Question

If (costheta - sin theta) = √2 sin theta then prove that cos theta + sintheta ) =√ 2 costheta.


[CBSE​

Answer 1

Answer:-

Given:-

cos θ - sin θ = √2 sin θ

Squaring both sides we get,

⟹ (cos θ - sin θ)² = (√2 sin θ)²

using (a - b)² = a² + b² - 2ab we get,

⟹ cos² θ + sin² θ - 2 sin θ cos θ = 2 sin² θ

⟹ cos² θ = 2 sin² θ - sin² θ + 2 sin θ cos θ

Now, Adding cos² θ both sides we get,

⟹ cos² θ + cos² θ = sin² θ + cos² θ + 2 sin θ cos θ

using a² + b² + 2ab = (a + b)² in RHS we get,

⟹ 2 cos² θ = (sin θ + cos θ)²

⟹ √(2 cos² θ) = √(sin θ + cos θ)²

Square and root get cancelled both sides.

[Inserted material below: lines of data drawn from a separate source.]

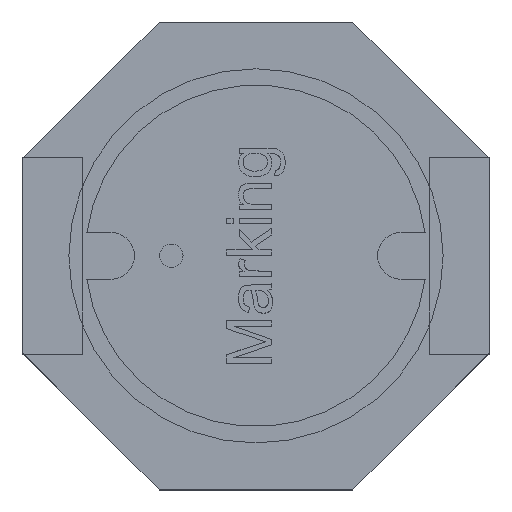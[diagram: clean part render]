
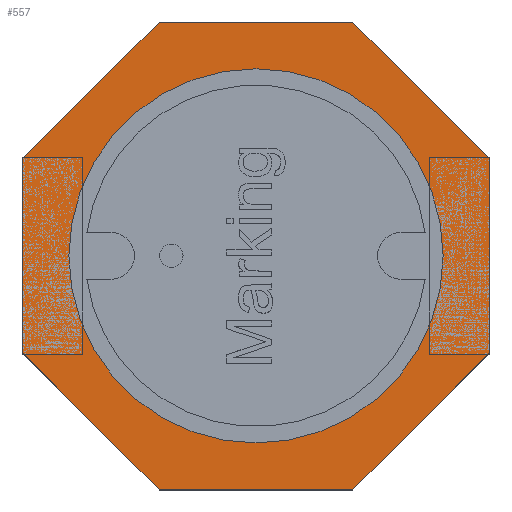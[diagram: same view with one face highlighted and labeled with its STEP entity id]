
A CAD part, top view. The second image highlights one B-rep face of the part: STEP entity #557.
In plain terms, the highlighted planar face has unit normal (0, 0, 1).
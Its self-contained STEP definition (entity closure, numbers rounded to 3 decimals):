
#557 = ADVANCED_FACE( '', ( #1142, #1143 ), #1144, .T. );
#1142 = FACE_BOUND( '', #4148, .T. );
#1143 = FACE_OUTER_BOUND( '', #4149, .T. );
#1144 = PLANE( '', #4150 );
#4148 = EDGE_LOOP( '', ( #6082 ) );
#4149 = EDGE_LOOP( '', ( #6083, #6084, #6085, #6086, #6087, #6088, #6089, #6090 ) );
#4150 = AXIS2_PLACEMENT_3D( '', #6091, #6092, #6093 );
#6082 = ORIENTED_EDGE( '', *, *, #6629, .T. );
#6083 = ORIENTED_EDGE( '', *, *, #6161, .T. );
#6084 = ORIENTED_EDGE( '', *, *, #6454, .T. );
#6085 = ORIENTED_EDGE( '', *, *, #6439, .T. );
#6086 = ORIENTED_EDGE( '', *, *, #6559, .T. );
#6087 = ORIENTED_EDGE( '', *, *, #6211, .T. );
#6088 = ORIENTED_EDGE( '', *, *, #6340, .T. );
#6089 = ORIENTED_EDGE( '', *, *, #6508, .T. );
#6090 = ORIENTED_EDGE( '', *, *, #6491, .T. );
#6091 = CARTESIAN_POINT( '', ( 0., -7.071, 0. ) );
#6092 = DIRECTION( '', ( 0., 0., 1. ) );
#6093 = DIRECTION( '', ( 1., 0., 0. ) );
#6161 = EDGE_CURVE( '', #6743, #6741, #6744, .T. );
#6211 = EDGE_CURVE( '', #6832, #6830, #6833, .T. );
#6340 = EDGE_CURVE( '', #6830, #7041, #7042, .T. );
#6439 = EDGE_CURVE( '', #7189, #7190, #7191, .T. );
#6454 = EDGE_CURVE( '', #6741, #7189, #7211, .T. );
#6491 = EDGE_CURVE( '', #7265, #6743, #7266, .T. );
#6508 = EDGE_CURVE( '', #7041, #7265, #7288, .T. );
#6559 = EDGE_CURVE( '', #7190, #6832, #7360, .T. );
#6629 = EDGE_CURVE( '', #7445, #7445, #7446, .T. );
#6741 = VERTEX_POINT( '', #7592 );
#6743 = VERTEX_POINT( '', #7595 );
#6744 = LINE( '', #7596, #7597 );
#6830 = VERTEX_POINT( '', #7792 );
#6832 = VERTEX_POINT( '', #7795 );
#6833 = LINE( '', #7796, #7797 );
#7041 = VERTEX_POINT( '', #8390 );
#7042 = LINE( '', #8391, #8392 );
#7189 = VERTEX_POINT( '', #8754 );
#7190 = VERTEX_POINT( '', #8755 );
#7191 = LINE( '', #8756, #8757 );
#7211 = LINE( '', #8875, #8876 );
#7265 = VERTEX_POINT( '', #8994 );
#7266 = LINE( '', #8995, #8996 );
#7288 = LINE( '', #9033, #9034 );
#7360 = LINE( '', #9294, #9295 );
#7445 = VERTEX_POINT( '', #9465 );
#7446 = CIRCLE( '', #9466, 4. );
#7592 = CARTESIAN_POINT( '', ( -5., -2.071, 0. ) );
#7595 = CARTESIAN_POINT( '', ( -5., 2.071, 0. ) );
#7596 = CARTESIAN_POINT( '', ( -5., 2.071, 0. ) );
#7597 = VECTOR( '', #9612, 1000. );
#7792 = CARTESIAN_POINT( '', ( 5., 2.071, 0. ) );
#7795 = CARTESIAN_POINT( '', ( 5., -2.071, 0. ) );
#7796 = CARTESIAN_POINT( '', ( 5., -2.071, 0. ) );
#7797 = VECTOR( '', #9648, 1000. );
#8390 = CARTESIAN_POINT( '', ( 2.071, 5., 0. ) );
#8391 = CARTESIAN_POINT( '', ( 2.071, 5., 0. ) );
#8392 = VECTOR( '', #9735, 1000. );
#8754 = CARTESIAN_POINT( '', ( -2.071, -5., 0. ) );
#8755 = CARTESIAN_POINT( '', ( 2.071, -5., 0. ) );
#8756 = CARTESIAN_POINT( '', ( -2.071, -5., 0. ) );
#8757 = VECTOR( '', #9786, 1000. );
#8875 = CARTESIAN_POINT( '', ( -2.071, -5., 0. ) );
#8876 = VECTOR( '', #9789, 1000. );
#8994 = CARTESIAN_POINT( '', ( -2.071, 5., 0. ) );
#8995 = CARTESIAN_POINT( '', ( -5., 2.071, 0. ) );
#8996 = VECTOR( '', #9815, 1000. );
#9033 = CARTESIAN_POINT( '', ( 2.071, 5., 0. ) );
#9034 = VECTOR( '', #9823, 1000. );
#9294 = CARTESIAN_POINT( '', ( 5., -2.071, 0. ) );
#9295 = VECTOR( '', #9842, 1000. );
#9465 = CARTESIAN_POINT( '', ( 4., 0., 0. ) );
#9466 = AXIS2_PLACEMENT_3D( '', #9878, #9879, #9880 );
#9612 = DIRECTION( '', ( 0., -1., 0. ) );
#9648 = DIRECTION( '', ( 0., 1., 0. ) );
#9735 = DIRECTION( '', ( -0.707, 0.707, 0. ) );
#9786 = DIRECTION( '', ( 1., 0., 0. ) );
#9789 = DIRECTION( '', ( 0.707, -0.707, 0. ) );
#9815 = DIRECTION( '', ( -0.707, -0.707, 0. ) );
#9823 = DIRECTION( '', ( -1., 0., 0. ) );
#9842 = DIRECTION( '', ( 0.707, 0.707, 0. ) );
#9878 = CARTESIAN_POINT( '', ( 0., 0., 0. ) );
#9879 = DIRECTION( '', ( 0., 0., -1. ) );
#9880 = DIRECTION( '', ( 1., 0., 0. ) );

⟹ √2 cos θ = sin θ + cos θ

Hence, Proved.

Answer 2

Given :-

If  (cos theta - sin theta) = √2 sin theta

To Find :-

Prove that

(cos theta + sin theta ) = √2 cos theta.

Solution :-

At first we need to square both the sides

$\sf \bigg(cos \theta - sin \theta\bigg)^2 = \sf\bigg(\sqrt{2} \; sin \theta\bigg)^2$

$\sf cos^2 \theta + sin^2 \theta - 2 \; sin \theta \times cos\theta =( \sqrt{2} \; sin\theta)^2$

$\sf cos^2 \theta + sin^2 \theta - 2 \; sin \theta \times cos\theta = 2 \; sin^2\theta$

$\sf cos^2 \theta + cos^2 \theta = sin^2 \theta + cos^2 \theta + 2\; sin \theta\; cos \theta$

$\sf 2(cos^2\theta) = sin^2\theta + cos^2\theta + 2\sin\theta cos\theta$

$\sf 2(cos \theta)^2=sin\theta^2 +cos\theta^2$

$\sf \sqrt{2(cos \theta)^2}=\sqrt{sin\theta^2 +cos\theta^2}$

$\sf\sqrt{2}cos\theta = sin\theta+cos\theta$